[Data Boundary: Start]
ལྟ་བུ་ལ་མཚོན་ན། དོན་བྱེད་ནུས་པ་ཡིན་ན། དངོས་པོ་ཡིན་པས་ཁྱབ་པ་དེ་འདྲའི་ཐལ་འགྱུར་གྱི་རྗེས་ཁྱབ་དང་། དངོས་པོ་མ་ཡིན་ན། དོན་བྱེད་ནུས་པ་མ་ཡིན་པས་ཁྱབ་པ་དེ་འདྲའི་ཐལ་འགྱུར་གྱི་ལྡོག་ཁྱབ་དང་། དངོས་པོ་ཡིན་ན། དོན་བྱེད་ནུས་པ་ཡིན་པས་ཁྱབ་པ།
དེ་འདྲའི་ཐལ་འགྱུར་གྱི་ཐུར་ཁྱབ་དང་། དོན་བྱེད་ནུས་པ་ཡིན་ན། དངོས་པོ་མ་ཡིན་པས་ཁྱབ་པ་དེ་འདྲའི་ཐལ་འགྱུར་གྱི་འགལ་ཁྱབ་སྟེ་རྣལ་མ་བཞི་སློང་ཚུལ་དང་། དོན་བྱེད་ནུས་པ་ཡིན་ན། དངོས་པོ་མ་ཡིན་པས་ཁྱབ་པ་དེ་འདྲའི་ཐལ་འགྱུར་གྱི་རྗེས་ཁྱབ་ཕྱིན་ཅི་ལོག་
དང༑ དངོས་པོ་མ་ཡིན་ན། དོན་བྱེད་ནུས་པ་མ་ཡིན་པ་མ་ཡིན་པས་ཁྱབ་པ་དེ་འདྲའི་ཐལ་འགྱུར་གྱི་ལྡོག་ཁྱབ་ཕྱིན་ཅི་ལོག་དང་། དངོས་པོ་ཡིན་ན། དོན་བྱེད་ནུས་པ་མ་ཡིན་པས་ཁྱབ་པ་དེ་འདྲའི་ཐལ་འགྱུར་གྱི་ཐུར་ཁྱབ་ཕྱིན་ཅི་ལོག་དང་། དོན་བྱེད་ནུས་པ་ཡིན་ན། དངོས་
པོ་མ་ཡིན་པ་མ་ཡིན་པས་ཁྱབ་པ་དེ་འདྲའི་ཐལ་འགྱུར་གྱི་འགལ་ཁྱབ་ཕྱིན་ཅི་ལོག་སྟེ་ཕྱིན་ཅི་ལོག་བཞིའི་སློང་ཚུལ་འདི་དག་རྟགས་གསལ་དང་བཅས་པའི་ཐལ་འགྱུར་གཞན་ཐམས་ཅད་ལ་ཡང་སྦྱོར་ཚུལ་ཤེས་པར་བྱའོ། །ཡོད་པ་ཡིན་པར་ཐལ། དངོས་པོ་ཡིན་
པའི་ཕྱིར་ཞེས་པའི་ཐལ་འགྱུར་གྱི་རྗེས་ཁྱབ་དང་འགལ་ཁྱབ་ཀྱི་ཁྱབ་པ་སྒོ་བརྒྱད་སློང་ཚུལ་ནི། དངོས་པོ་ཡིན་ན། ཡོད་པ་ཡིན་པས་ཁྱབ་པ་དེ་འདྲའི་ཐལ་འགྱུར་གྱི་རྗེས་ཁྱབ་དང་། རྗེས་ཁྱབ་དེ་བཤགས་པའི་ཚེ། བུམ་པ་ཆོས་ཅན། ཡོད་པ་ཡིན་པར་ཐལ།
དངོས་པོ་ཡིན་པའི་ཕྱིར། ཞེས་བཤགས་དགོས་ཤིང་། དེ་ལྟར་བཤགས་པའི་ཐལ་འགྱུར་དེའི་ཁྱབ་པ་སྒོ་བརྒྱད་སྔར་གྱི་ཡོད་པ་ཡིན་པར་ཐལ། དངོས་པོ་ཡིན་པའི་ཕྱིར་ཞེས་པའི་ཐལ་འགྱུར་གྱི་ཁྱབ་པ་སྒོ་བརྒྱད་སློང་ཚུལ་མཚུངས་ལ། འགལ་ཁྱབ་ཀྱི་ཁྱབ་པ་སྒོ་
[Data Boundary: End]
## Exercise description:
Copy out the whole listing, exactly as written.

## Answer space:
ལྟ་བུ་ལ་མཚོན་ན། དོན་བྱེད་ནུས་པ་ཡིན་ན། དངོས་པོ་ཡིན་པས་ཁྱབ་པ་དེ་འདྲའི་ཐལ་འགྱུར་གྱི་རྗེས་ཁྱབ་དང་། དངོས་པོ་མ་ཡིན་ན། དོན་བྱེད་ནུས་པ་མ་ཡིན་པས་ཁྱབ་པ་དེ་འདྲའི་ཐལ་འགྱུར་གྱི་ལྡོག་ཁྱབ་དང་། དངོས་པོ་ཡིན་ན། དོན་བྱེད་ནུས་པ་ཡིན་པས་ཁྱབ་པ།
དེ་འདྲའི་ཐལ་འགྱུར་གྱི་ཐུར་ཁྱབ་དང་། དོན་བྱེད་ནུས་པ་ཡིན་ན། དངོས་པོ་མ་ཡིན་པས་ཁྱབ་པ་དེ་འདྲའི་ཐལ་འགྱུར་གྱི་འགལ་ཁྱབ་སྟེ་རྣལ་མ་བཞི་སློང་ཚུལ་དང་། དོན་བྱེད་ནུས་པ་ཡིན་ན། དངོས་པོ་མ་ཡིན་པས་ཁྱབ་པ་དེ་འདྲའི་ཐལ་འགྱུར་གྱི་རྗེས་ཁྱབ་ཕྱིན་ཅི་ལོག་
དང༑ དངོས་པོ་མ་ཡིན་ན། དོན་བྱེད་ནུས་པ་མ་ཡིན་པ་མ་ཡིན་པས་ཁྱབ་པ་དེ་འདྲའི་ཐལ་འགྱུར་གྱི་ལྡོག་ཁྱབ་ཕྱིན་ཅི་ལོག་དང་། དངོས་པོ་ཡིན་ན། དོན་བྱེད་ནུས་པ་མ་ཡིན་པས་ཁྱབ་པ་དེ་འདྲའི་ཐལ་འགྱུར་གྱི་ཐུར་ཁྱབ་ཕྱིན་ཅི་ལོག་དང་། དོན་བྱེད་ནུས་པ་ཡིན་ན། དངོས་
པོ་མ་ཡིན་པ་མ་ཡིན་པས་ཁྱབ་པ་དེ་འདྲའི་ཐལ་འགྱུར་གྱི་འགལ་ཁྱབ་ཕྱིན་ཅི་ལོག་སྟེ་ཕྱིན་ཅི་ལོག་བཞིའི་སློང་ཚུལ་འདི་དག་རྟགས་གསལ་དང་བཅས་པའི་ཐལ་འགྱུར་གཞན་ཐམས་ཅད་ལ་ཡང་སྦྱོར་ཚུལ་ཤེས་པར་བྱའོ། །ཡོད་པ་ཡིན་པར་ཐལ། དངོས་པོ་ཡིན་
པའི་ཕྱིར་ཞེས་པའི་ཐལ་འགྱུར་གྱི་རྗེས་ཁྱབ་དང་འགལ་ཁྱབ་ཀྱི་ཁྱབ་པ་སྒོ་བརྒྱད་སློང་ཚུལ་ནི། དངོས་པོ་ཡིན་ན། ཡོད་པ་ཡིན་པས་ཁྱབ་པ་དེ་འདྲའི་ཐལ་འགྱུར་གྱི་རྗེས་ཁྱབ་དང་། རྗེས་ཁྱབ་དེ་བཤགས་པའི་ཚེ། བུམ་པ་ཆོས་ཅན། ཡོད་པ་ཡིན་པར་ཐལ།
དངོས་པོ་ཡིན་པའི་ཕྱིར། ཞེས་བཤགས་དགོས་ཤིང་། དེ་ལྟར་བཤགས་པའི་ཐལ་འགྱུར་དེའི་ཁྱབ་པ་སྒོ་བརྒྱད་སྔར་གྱི་ཡོད་པ་ཡིན་པར་ཐལ། དངོས་པོ་ཡིན་པའི་ཕྱིར་ཞེས་པའི་ཐལ་འགྱུར་གྱི་ཁྱབ་པ་སྒོ་བརྒྱད་སློང་ཚུལ་མཚུངས་ལ། འགལ་ཁྱབ་ཀྱི་ཁྱབ་པ་སྒོ་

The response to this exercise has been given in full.